Write filter to support right-to-left direction in Persian text. #2191
If you don't want to write a filter as jgm recommended, you can always mark it up manually:
# عنوان اول {dir=rtl}
<div dir=rtl>این متن فارسی باید راست به چپ نشان داده شود.</div>
This is the English paragraph, so it's direction in html should be left-to-right.
you might also be interested in the RTL discussion on talk.commonmark.org.
I think dealing with languages and directionality should become a functionality of pandoc itself rather than being delegated to filters.

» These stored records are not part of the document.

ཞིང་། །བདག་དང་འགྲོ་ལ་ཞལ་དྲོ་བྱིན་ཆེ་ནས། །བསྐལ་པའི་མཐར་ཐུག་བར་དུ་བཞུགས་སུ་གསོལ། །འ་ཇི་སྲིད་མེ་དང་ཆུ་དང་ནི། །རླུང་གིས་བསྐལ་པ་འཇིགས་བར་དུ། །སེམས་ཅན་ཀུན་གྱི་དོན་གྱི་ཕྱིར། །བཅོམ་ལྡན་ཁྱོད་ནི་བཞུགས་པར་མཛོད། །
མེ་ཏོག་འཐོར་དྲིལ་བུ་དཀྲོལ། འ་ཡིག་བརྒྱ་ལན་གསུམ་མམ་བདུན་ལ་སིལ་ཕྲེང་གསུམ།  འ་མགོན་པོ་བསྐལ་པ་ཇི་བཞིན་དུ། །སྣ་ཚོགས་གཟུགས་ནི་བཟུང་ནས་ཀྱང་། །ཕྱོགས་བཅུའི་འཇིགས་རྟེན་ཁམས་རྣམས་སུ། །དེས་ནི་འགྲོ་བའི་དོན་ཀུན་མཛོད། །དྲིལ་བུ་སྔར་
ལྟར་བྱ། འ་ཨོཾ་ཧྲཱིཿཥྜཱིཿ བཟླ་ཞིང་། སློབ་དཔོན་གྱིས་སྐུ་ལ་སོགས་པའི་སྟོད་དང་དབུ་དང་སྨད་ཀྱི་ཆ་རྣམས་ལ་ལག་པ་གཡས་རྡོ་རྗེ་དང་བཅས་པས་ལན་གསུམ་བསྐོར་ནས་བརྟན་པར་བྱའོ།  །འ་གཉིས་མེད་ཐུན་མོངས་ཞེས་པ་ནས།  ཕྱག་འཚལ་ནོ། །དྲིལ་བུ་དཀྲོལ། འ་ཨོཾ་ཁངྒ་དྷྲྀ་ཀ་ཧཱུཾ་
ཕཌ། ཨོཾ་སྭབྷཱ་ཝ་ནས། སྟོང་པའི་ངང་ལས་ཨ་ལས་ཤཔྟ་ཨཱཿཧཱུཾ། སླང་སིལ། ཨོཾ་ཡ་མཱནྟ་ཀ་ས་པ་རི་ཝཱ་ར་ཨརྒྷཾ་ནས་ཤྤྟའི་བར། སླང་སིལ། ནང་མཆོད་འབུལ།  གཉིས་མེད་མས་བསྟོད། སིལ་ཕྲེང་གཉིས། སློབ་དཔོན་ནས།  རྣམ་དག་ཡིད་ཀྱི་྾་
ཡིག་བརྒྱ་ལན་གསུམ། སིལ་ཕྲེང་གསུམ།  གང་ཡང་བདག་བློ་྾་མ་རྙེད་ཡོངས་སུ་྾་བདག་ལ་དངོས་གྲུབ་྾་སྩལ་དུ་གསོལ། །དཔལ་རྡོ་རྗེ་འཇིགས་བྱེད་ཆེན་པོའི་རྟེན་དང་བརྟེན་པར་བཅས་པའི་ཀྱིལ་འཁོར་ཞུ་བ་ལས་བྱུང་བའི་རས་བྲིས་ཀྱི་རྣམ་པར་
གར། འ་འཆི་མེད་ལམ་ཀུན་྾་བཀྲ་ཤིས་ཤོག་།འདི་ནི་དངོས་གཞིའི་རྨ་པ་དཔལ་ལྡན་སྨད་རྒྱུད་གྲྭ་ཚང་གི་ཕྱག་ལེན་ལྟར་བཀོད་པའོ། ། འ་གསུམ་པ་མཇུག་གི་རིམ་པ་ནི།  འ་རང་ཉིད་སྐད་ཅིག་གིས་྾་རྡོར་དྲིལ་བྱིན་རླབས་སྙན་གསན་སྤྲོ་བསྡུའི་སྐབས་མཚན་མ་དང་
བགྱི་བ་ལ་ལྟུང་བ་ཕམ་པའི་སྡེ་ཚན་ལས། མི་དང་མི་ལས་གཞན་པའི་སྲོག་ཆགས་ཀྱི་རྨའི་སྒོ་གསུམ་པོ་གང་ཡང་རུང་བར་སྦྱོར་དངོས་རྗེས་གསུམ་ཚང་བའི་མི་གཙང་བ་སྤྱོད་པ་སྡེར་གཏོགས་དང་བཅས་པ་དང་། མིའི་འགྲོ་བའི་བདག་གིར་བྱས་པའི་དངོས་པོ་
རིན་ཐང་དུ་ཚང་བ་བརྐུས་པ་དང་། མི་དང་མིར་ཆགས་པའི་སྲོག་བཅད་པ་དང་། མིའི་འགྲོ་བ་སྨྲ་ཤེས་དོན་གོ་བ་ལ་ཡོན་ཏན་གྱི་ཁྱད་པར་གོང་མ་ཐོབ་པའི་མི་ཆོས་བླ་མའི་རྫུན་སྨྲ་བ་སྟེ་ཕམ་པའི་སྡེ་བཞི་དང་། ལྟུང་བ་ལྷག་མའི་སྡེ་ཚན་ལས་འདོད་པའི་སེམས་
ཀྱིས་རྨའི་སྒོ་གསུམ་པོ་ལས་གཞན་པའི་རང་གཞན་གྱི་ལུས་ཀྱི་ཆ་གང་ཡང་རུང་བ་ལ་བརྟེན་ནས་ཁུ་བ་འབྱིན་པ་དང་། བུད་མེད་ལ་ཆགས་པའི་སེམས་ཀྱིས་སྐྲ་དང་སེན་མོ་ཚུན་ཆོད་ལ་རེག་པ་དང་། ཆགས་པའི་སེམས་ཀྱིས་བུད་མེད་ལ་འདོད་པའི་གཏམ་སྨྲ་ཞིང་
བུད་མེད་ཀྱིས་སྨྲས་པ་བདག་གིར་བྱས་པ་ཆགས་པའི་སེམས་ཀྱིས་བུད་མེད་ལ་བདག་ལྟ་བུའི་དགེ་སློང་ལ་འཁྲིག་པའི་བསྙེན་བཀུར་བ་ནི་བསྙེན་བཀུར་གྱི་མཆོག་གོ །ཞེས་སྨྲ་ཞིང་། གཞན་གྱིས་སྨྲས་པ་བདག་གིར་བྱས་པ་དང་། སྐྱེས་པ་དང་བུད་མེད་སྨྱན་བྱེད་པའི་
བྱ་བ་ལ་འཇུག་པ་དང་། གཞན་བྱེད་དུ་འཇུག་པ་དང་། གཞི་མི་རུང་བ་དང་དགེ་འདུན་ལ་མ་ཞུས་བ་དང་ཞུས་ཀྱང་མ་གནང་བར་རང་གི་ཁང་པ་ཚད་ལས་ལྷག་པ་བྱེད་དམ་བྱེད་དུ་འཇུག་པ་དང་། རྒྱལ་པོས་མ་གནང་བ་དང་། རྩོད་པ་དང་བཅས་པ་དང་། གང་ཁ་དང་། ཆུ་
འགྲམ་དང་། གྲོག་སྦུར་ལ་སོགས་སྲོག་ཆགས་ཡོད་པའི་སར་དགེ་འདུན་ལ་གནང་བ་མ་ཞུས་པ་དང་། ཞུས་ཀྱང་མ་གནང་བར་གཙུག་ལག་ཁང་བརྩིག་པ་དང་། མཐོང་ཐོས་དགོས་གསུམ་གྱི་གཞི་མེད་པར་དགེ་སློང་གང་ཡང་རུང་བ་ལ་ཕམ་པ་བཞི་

My suggestion would be to primarily rely on language tags in pandoc markdown:
- the existing
lang: fa-IR
in the document’s metadata for declaring the main language of the document. -
<div lang="fa-IR">…</div>
for longer and -
<span lang="fa-IR">…</span>
for shorter sections in a language different from the main language.

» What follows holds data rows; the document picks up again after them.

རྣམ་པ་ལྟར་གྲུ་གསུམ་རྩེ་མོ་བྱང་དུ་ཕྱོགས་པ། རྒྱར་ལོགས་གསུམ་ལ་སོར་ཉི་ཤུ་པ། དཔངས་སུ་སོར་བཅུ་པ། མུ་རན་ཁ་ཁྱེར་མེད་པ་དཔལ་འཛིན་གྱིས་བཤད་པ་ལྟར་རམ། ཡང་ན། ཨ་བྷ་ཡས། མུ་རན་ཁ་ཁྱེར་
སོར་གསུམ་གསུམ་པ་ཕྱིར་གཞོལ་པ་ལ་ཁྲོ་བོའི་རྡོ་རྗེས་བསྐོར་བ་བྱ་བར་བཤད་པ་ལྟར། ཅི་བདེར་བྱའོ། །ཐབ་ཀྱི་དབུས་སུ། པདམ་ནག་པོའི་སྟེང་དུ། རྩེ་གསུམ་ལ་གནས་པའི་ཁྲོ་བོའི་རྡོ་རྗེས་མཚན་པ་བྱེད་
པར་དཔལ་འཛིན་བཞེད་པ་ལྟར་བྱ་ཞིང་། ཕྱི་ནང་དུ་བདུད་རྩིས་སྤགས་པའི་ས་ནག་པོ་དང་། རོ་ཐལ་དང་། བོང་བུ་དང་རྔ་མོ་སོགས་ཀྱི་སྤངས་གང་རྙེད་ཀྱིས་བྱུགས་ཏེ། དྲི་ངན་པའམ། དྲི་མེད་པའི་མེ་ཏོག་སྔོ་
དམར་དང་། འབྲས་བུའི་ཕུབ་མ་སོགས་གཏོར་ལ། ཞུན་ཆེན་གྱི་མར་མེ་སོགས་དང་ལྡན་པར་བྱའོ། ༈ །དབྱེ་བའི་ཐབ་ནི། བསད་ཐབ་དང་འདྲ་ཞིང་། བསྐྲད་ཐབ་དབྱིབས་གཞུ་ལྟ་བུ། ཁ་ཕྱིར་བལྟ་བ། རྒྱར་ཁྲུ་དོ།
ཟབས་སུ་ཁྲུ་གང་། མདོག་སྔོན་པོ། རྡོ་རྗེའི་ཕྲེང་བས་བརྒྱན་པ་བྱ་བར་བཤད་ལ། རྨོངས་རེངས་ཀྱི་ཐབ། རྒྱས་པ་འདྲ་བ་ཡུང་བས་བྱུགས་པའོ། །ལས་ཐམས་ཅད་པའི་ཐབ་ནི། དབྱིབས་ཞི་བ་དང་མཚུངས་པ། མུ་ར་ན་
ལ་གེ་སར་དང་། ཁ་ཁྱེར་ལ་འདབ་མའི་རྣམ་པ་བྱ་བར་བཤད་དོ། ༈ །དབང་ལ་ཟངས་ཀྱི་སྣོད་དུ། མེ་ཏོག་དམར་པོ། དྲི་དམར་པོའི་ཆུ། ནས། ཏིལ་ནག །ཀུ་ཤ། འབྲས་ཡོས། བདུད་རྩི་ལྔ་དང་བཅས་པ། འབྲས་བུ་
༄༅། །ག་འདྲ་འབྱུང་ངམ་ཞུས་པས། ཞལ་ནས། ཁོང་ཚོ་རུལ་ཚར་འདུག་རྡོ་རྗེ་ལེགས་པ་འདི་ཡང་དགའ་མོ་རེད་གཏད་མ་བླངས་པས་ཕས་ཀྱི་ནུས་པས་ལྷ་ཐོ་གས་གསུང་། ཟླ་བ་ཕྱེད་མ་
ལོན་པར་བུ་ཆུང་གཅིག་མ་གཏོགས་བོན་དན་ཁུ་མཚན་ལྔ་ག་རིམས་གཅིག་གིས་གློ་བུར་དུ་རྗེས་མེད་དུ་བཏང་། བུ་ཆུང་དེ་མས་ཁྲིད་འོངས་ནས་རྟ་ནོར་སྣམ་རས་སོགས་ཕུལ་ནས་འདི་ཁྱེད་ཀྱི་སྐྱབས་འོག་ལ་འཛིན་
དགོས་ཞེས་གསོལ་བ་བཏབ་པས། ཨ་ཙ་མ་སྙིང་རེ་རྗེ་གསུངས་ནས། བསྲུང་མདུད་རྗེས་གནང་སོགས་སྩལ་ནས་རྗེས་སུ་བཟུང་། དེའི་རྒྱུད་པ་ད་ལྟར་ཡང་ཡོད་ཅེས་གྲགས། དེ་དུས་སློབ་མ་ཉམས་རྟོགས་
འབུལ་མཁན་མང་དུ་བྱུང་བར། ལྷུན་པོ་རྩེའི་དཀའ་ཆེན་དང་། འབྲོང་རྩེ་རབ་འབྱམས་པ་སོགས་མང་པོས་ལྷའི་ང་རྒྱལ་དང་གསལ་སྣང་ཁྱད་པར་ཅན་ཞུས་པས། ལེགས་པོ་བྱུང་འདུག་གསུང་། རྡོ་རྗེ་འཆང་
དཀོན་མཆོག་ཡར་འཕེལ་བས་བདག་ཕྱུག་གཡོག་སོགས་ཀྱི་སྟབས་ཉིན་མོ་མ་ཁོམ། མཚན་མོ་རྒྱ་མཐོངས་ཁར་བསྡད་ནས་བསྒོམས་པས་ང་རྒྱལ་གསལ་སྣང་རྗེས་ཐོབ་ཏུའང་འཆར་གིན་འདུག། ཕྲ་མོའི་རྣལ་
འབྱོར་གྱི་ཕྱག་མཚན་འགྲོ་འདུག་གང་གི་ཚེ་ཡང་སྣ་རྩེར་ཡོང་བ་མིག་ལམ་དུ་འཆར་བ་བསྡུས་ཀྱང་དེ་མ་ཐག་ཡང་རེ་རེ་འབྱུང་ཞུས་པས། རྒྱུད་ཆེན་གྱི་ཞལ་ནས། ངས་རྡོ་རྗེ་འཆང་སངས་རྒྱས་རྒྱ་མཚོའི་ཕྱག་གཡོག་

Most of this is already available in pandoc:
pandoc -s -t html << EOT
# عنوان اول
.این متن فارسی باید راست به چپ نشان داده شود
<span lang=en-US>This is the English paragraph, so its direction in html should be left-to-right.</span>
.این متن فارسی باید راست به چپ نشان داده شود
---
lang: en-US, fa-IR
...
EOT
generates
<!DOCTYPE html PUBLIC "-//W3C//DTD XHTML 1.0 Transitional//EN" "http://www.w3.org/TR/xhtml1/DTD/xhtml1-transitional.dtd">
<html xmlns="http://www.w3.org/1999/xhtml" lang="en-US, fa-IR" xml:lang="fa-IR">
<head>
<meta http-equiv="Content-Type" content="text/html; charset=utf-8" />
<meta http-equiv="Content-Style-Type" content="text/css" />
<meta name="generator" content="pandoc" />
<title></title>
<style type="text/css">code{white-space: pre;}</style>
</head>
<body>
<h1 id="عنوان-اول">عنوان اول</h1>
<p>.این متن فارسی باید راست به چپ نشان داده شود</p>
<p><span lang="en-US">This is the English paragraph, so its direction in html should be left-to-right.</span></p>
<p>.این متن فارسی باید راست به چپ نشان داده شود</p>
</body>
</html>
… which doesn’t look too bad as is, except for the facts that lang="en-US, fa-IR"

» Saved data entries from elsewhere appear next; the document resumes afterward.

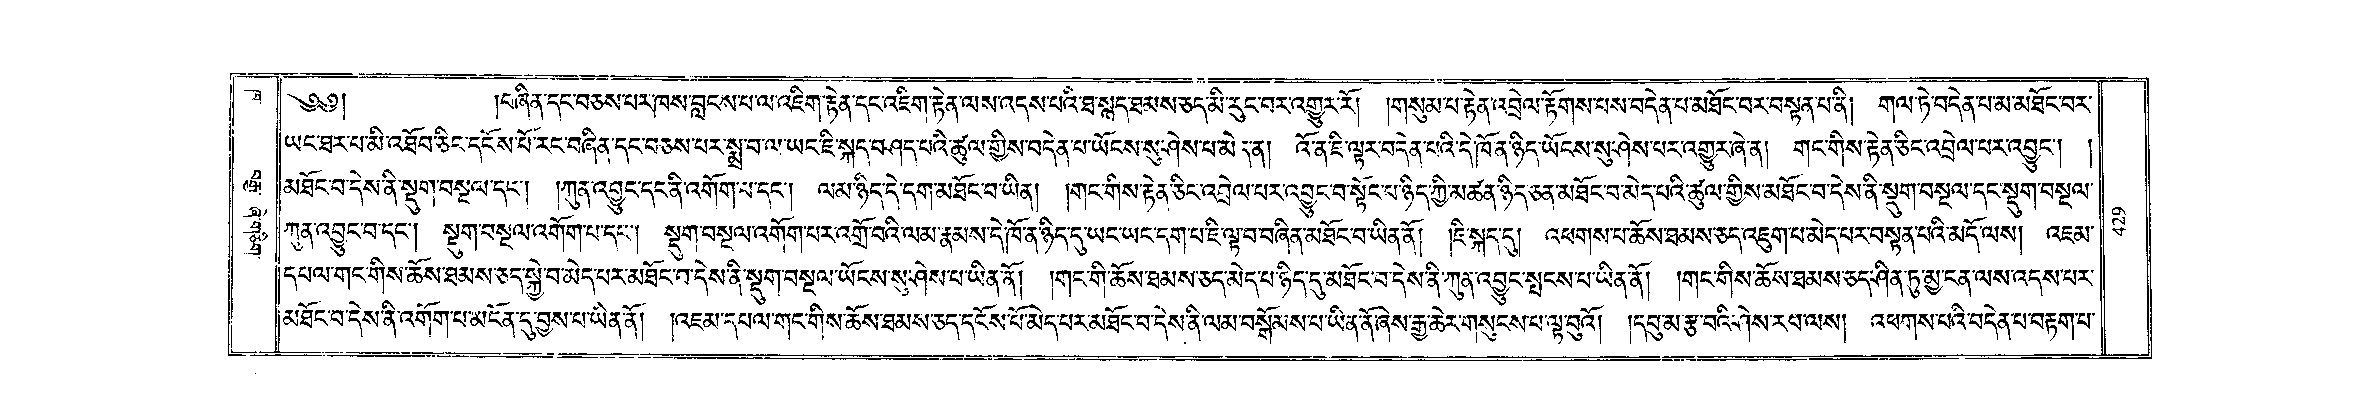༄༅། །བཞིན་དང་བཅས་པར་ཁས་བླངས་པ་ལ་འཇིག་རྟེན་དང་འཇིག་རྟེན་ལས་འདས་པའི་ཐ་སྙད་ཐམས་ཅད་མི་རུང་བར་འགྱུར་རོ། །གསུམ་པ་རྟེན་འབྲེལ་རྟོགས་པས་བདེན་པ་མཐོང་བར་བསྟན་པ་ནི། གལ་ཏེ་བདེན་པ་མ་མཐོང་བར་
ཡང་ཐར་པ་མི་འཐོབ་ཅིང་དངོས་པོ་རང་བཞིན་དང་བཅས་པར་སྨྲ་བ་ལ་ཡང་ཇི་སྐད་བཤད་པའི་ཚུལ་གྱིས་བདེན་པ་ཡོངས་སུ་ཤེས་པ་མེད་ན། འོ་ན་ཇི་ལྟར་བདེན་པའི་དེ་ཁོ་ན་ཉིད་ཡོངས་སུ་ཤེས་པར་འགྱུར་ཞེ་ན། གང་གིས་རྟེན་ཅིང་འབྲེལ་པར་འབྱུང་། །
མཐོང་བ་དེས་ནི་སྡུག་བསྔལ་དང་། །ཀུན་འབྱུང་དང་ནི་འགོག་པ་དང་། ལམ་ཉིད་དེ་དག་མཐོང་བ་ཡིན། །གང་གིས་རྟེན་ཅིང་འབྲེལ་པར་འབྱུང་བ་སྟོང་པ་ཉིད་ཀྱི་མཚན་ཉིད་ཅན་མཐོང་བ་མེད་པའི་ཚུལ་གྱིས་མཐོང་བ་དེས་ནི་སྡུག་བསྔལ་དང་སྡུག་བསྔལ་
ཀུན་འབྱུང་བ་དང་། སྡུག་བསྔལ་འགོག་པ་དང་། སྡུག་བསྔལ་འགོག་པར་འགྲོ་བའི་ལམ་རྣམས་དེ་ཁོ་ན་ཉིད་དུ་ཡང་ཡང་དག་པ་ཇི་ལྟ་བ་བཞིན་མཐོང་བ་ཡིན་ནོ། །ཇི་སྐད་དུ། འཕགས་པ་ཆོས་ཐམས་ཅད་འཇུག་པ་མེད་པར་བསྟན་པའི་མདོ་ལས། འཇམ་
དཔལ་གང་གིས་ཆོས་ཐམས་ཅད་སྐྱེ་བ་མེད་པར་མཐོང་བ་དེས་ནི་སྡུག་བསྔལ་ཡོངས་སུ་ཤེས་པ་ཡིན་ནོ། །གང་གི་ཆོས་ཐམས་ཅད་མེད་པ་ཉིད་དུ་མཐོང་བ་དེས་ནི་ཀུན་འབྱུང་སྤངས་པ་ཡིན་ནོ། །གང་གིས་ཆོས་ཐམས་ཅད་ཤིན་ཏུ་མྱ་ངན་ལས་འདས་པར་
མཐོང་བ་དེས་ནི་འགོག་པ་མངོན་དུ་བྱས་པ་ཡིན་ནོ། །འཇམ་དཔལ་གང་གིས་ཆོས་ཐམས་ཅད་དངོས་པོ་མེད་པར་མཐོང་བ་དེས་ནི་ལམ་བསྒོམས་པ་ཡིན་ནོ་ཞེས་རྒྱ་ཆེར་གསུངས་པ་ལྟ་བུའོ། །དབུ་མ་རྩ་བའི་ཤེས་རབ་ལས། འཕགས་པའི་བདེན་པ་བརྟག་པ་

should be replaced by lang="fa-IR"
(just one main language per document), and that in my browsers the full stop is appearing to the right of the Farsi sentences rather than their left, in both Firefox and Safari – ideas on this, anyone?).
Unless declared explicitly, pandoc could then infer directionality from these language tags, and write, e.g.,
…
<html xmlns="http://www.w3.org/1999/xhtml" lang="fa-IR" xml:lang="fa-IR" dir="rtl">
…
<p><span lang="en-US" dir="ltr">This is the English paragraph, so its direction in html should be left-to-right.</span></p>
…
If xml:lang
tags are needed, they could be added during this step, too.
For latex output, pandoc would just have to map lang: en-US, fa-IR
to
\setmainlanguage{farsi}
\setotherlanguages{english}
and <div lang="fa-IR">…</div>
to \begin{farsi}…\end{farsi}
, and <span lang="fa-IR">…</span>
to \textfarsi{…}` (no directionality tags needed for latex).
@nickbart1980, wasn’t otherlang
supposed to be included for LaTeX?
As far as I can understand, language direction may be specified in CSS:
:lang(fa-IR) {
direction: rtl;
}
Yes, for LaTeX a comma-separated list in the metadata variable lang
is parsed into mainlang
(last item) and otherlang
(all others), but the values, e.g., en-US
, fa-IR
are not mapped yet to what polyglossia (and babel) expect, e.g. english
, farsi
. That's one thing that would be great to have fixed.
However, mainlang
and otherlang
are not available in any other formats than LaTeX (or else we could simply use mainlang
in the html template). A fix for this would be great, too.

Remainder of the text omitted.